Copy each entry below verbatim. Skip the pictures.
————————
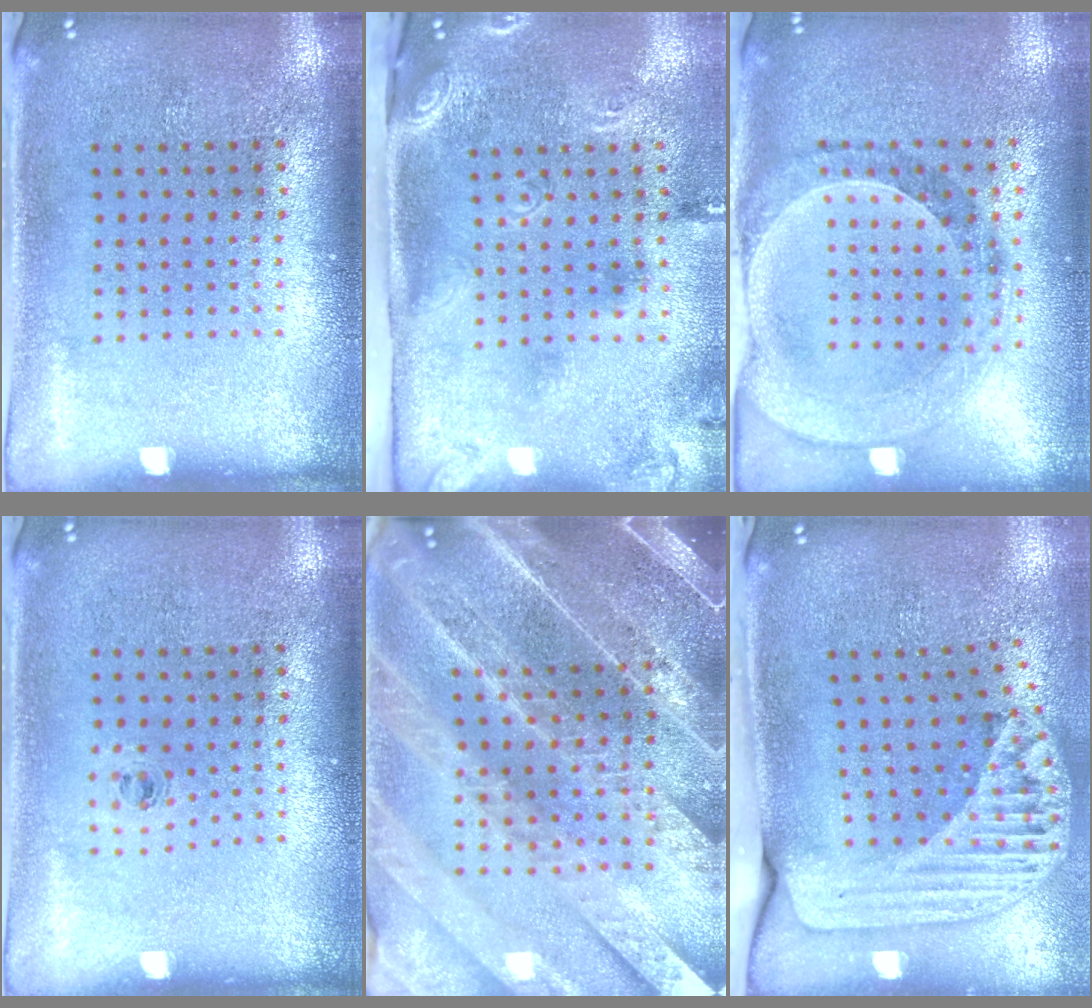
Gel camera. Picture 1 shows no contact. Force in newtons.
{"total": 2.9, "press": 1.8, "slide": 2.3}
{"total": 0.9, "press": 0.9, "slide": 0.2}
{"total": 0.5, "press": 0.3, "slide": 0.5}
{"total": 5.2, "press": 4.5, "slide": 2.7}
{"total": 2.4, "press": 1.8, "slide": 1.7}
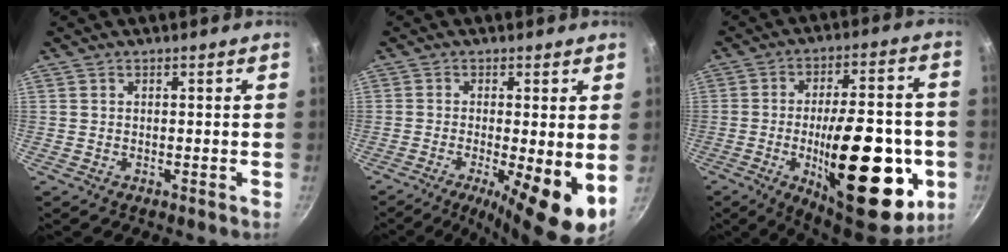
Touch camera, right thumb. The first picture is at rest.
{"total": 10.9, "force": [-2.4, 2.4, 10.4], "torque": [-0.162, -0.011, -0.037]}
{"total": 28.2, "force": [-7.0, 11.8, 24.7], "torque": [-0.312, 0.019, -0.087]}
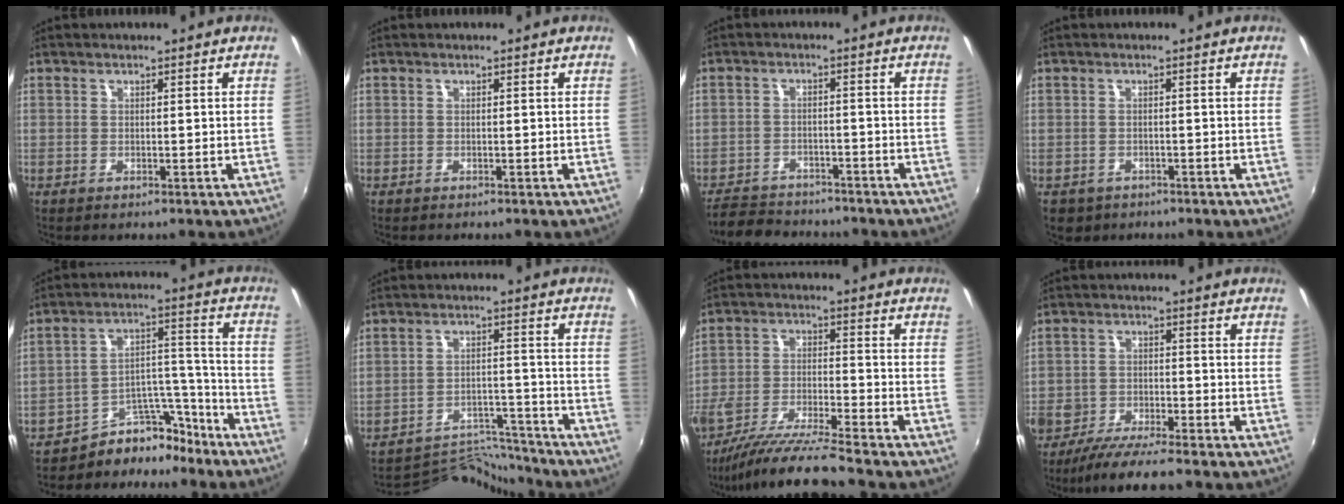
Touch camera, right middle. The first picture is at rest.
{"total": 0.0}
{"total": 8.1, "force": [-6.9, 3.7, 1.8], "torque": [-0.064, 0.015, -0.108]}
{"total": 3.7, "force": [-1.8, 2.9, 1.4], "torque": [-0.033, -0.007, -0.022]}
{"total": 9.7, "force": [-8.5, 4.5, 1.5], "torque": [-0.010, 0.064, -0.132]}
{"total": 10.4, "force": [-10.4, 0.4, 0.1], "torque": [-0.020, 0.020, -0.166]}
{"total": 11.9, "force": [-10.4, -0.7, 5.9], "torque": [-0.121, -0.019, -0.192]}
{"total": 9.0, "force": [-7.5, 1.8, 4.7], "torque": [-0.115, -0.025, -0.137]}
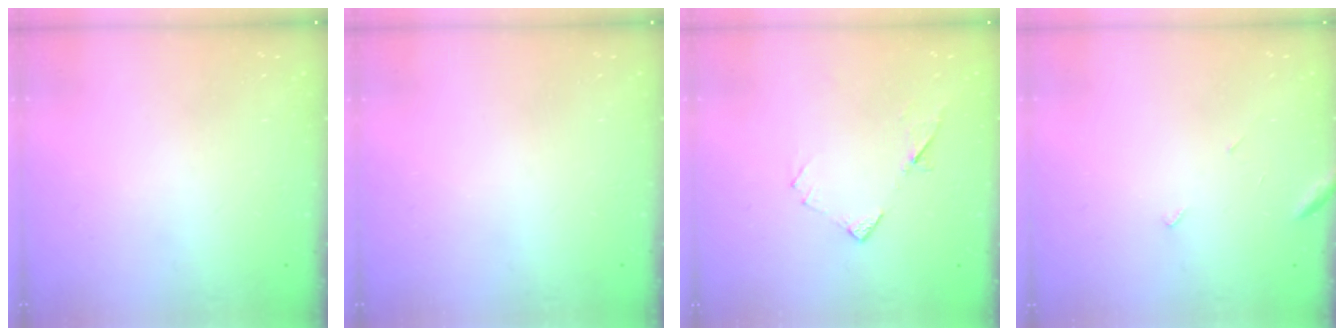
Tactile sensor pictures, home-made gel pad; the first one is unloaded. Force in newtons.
{"total": 0.0}
{"total": 7.2, "press": 7.2, "slide": 0.5}
{"total": 3.3, "press": 3.2, "slide": 0.4}
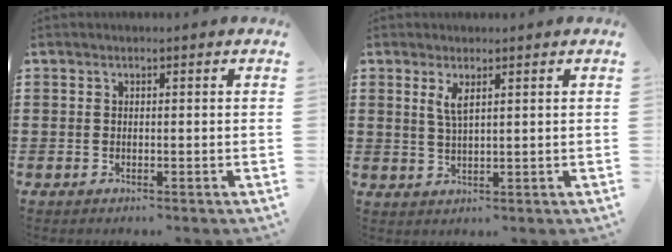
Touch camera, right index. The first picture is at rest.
{"total": 2.8, "force": [1.4, 0.7, 2.3], "torque": [-0.050, 0.002, 0.025]}
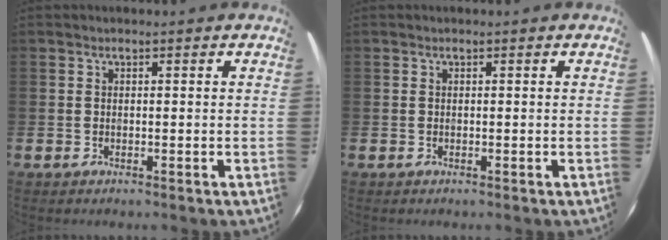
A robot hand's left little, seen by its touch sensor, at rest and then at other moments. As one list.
[{"total": 0.0}]
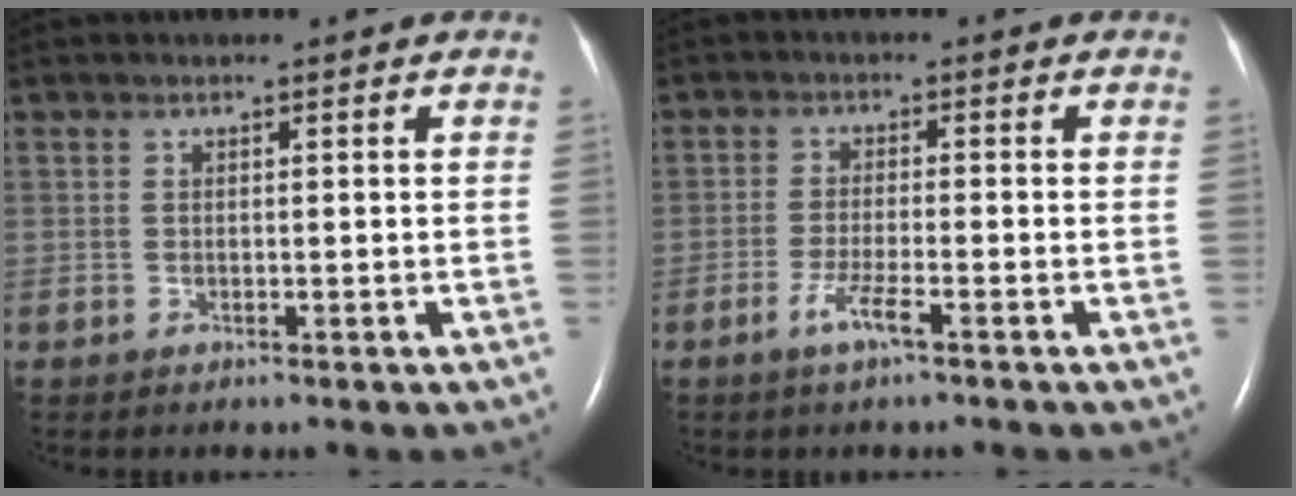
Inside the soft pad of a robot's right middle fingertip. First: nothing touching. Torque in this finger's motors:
{"motor_torque": [0.45, -0.38, 0.07, 0.03]}
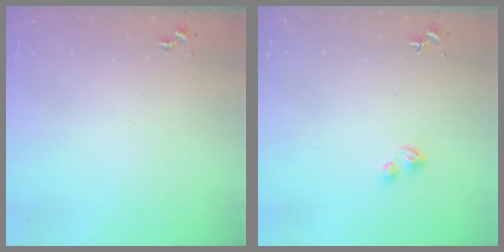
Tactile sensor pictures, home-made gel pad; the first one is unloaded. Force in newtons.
{"total": 2.8, "press": 2.7, "slide": 0.4}
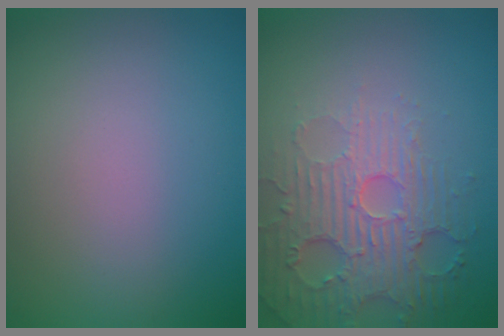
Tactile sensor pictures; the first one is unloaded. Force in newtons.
{"total": 5.2, "press": 3.8, "slide": 3.6}
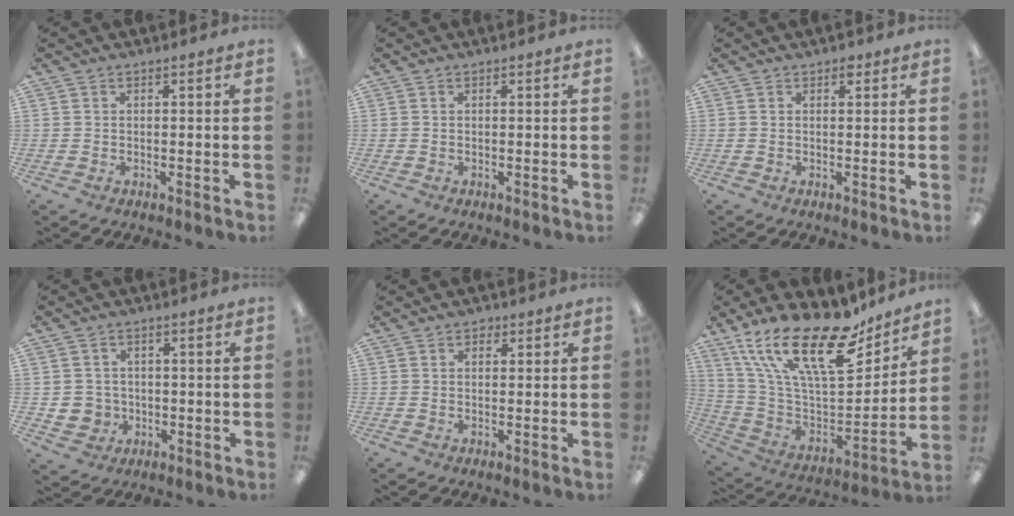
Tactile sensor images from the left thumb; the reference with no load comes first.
{"total": 0.0}
{"total": 1.2, "force": [0.9, 0.7, 0.4], "torque": [0.000, -0.002, 0.014]}
{"total": 3.9, "force": [-0.1, 3.9, 0.3], "torque": [-0.005, 0.004, -0.001]}
{"total": 1.6, "force": [1.0, 1.1, 0.5], "torque": [-0.002, -0.001, 0.016]}
{"total": 25.8, "force": [16.7, 10.0, 17.0], "torque": [-0.303, -0.099, 0.291]}
————————
* **Result of the exercise**
Gel camera. Picture 1 shows no contact. Force in newtons.
{"total": 2.9, "press": 1.8, "slide": 2.3}
{"total": 0.9, "press": 0.9, "slide": 0.2}
{"total": 0.5, "press": 0.3, "slide": 0.5}
{"total": 5.2, "press": 4.5, "slide": 2.7}
{"total": 2.4, "press": 1.8, "slide": 1.7}
Touch camera, right thumb. The first picture is at rest.
{"total": 10.9, "force": [-2.4, 2.4, 10.4], "torque": [-0.162, -0.011, -0.037]}
{"total": 28.2, "force": [-7.0, 11.8, 24.7], "torque": [-0.312, 0.019, -0.087]}
Touch camera, right middle. The first picture is at rest.
{"total": 0.0}
{"total": 8.1, "force": [-6.9, 3.7, 1.8], "torque": [-0.064, 0.015, -0.108]}
{"total": 3.7, "force": [-1.8, 2.9, 1.4], "torque": [-0.033, -0.007, -0.022]}
{"total": 9.7, "force": [-8.5, 4.5, 1.5], "torque": [-0.010, 0.064, -0.132]}
{"total": 10.4, "force": [-10.4, 0.4, 0.1], "torque": [-0.020, 0.020, -0.166]}
{"total": 11.9, "force": [-10.4, -0.7, 5.9], "torque": [-0.121, -0.019, -0.192]}
{"total": 9.0, "force": [-7.5, 1.8, 4.7], "torque": [-0.115, -0.025, -0.137]}
Tactile sensor pictures, home-made gel pad; the first one is unloaded. Force in newtons.
{"total": 0.0}
{"total": 7.2, "press": 7.2, "slide": 0.5}
{"total": 3.3, "press": 3.2, "slide": 0.4}
Touch camera, right index. The first picture is at rest.
{"total": 2.8, "force": [1.4, 0.7, 2.3], "torque": [-0.050, 0.002, 0.025]}
A robot hand's left little, seen by its touch sensor, at rest and then at other moments. As one list.
[{"total": 0.0}]
Inside the soft pad of a robot's right middle fingertip. First: nothing touching. Torque in this finger's motors:
{"motor_torque": [0.45, -0.38, 0.07, 0.03]}
Tactile sensor pictures, home-made gel pad; the first one is unloaded. Force in newtons.
{"total": 2.8, "press": 2.7, "slide": 0.4}
Tactile sensor pictures; the first one is unloaded. Force in newtons.
{"total": 5.2, "press": 3.8, "slide": 3.6}
Tactile sensor images from the left thumb; the reference with no load comes first.
{"total": 0.0}
{"total": 1.2, "force": [0.9, 0.7, 0.4], "torque": [0.000, -0.002, 0.014]}
{"total": 3.9, "force": [-0.1, 3.9, 0.3], "torque": [-0.005, 0.004, -0.001]}
{"total": 1.6, "force": [1.0, 1.1, 0.5], "torque": [-0.002, -0.001, 0.016]}
{"total": 25.8, "force": [16.7, 10.0, 17.0], "torque": [-0.303, -0.099, 0.291]}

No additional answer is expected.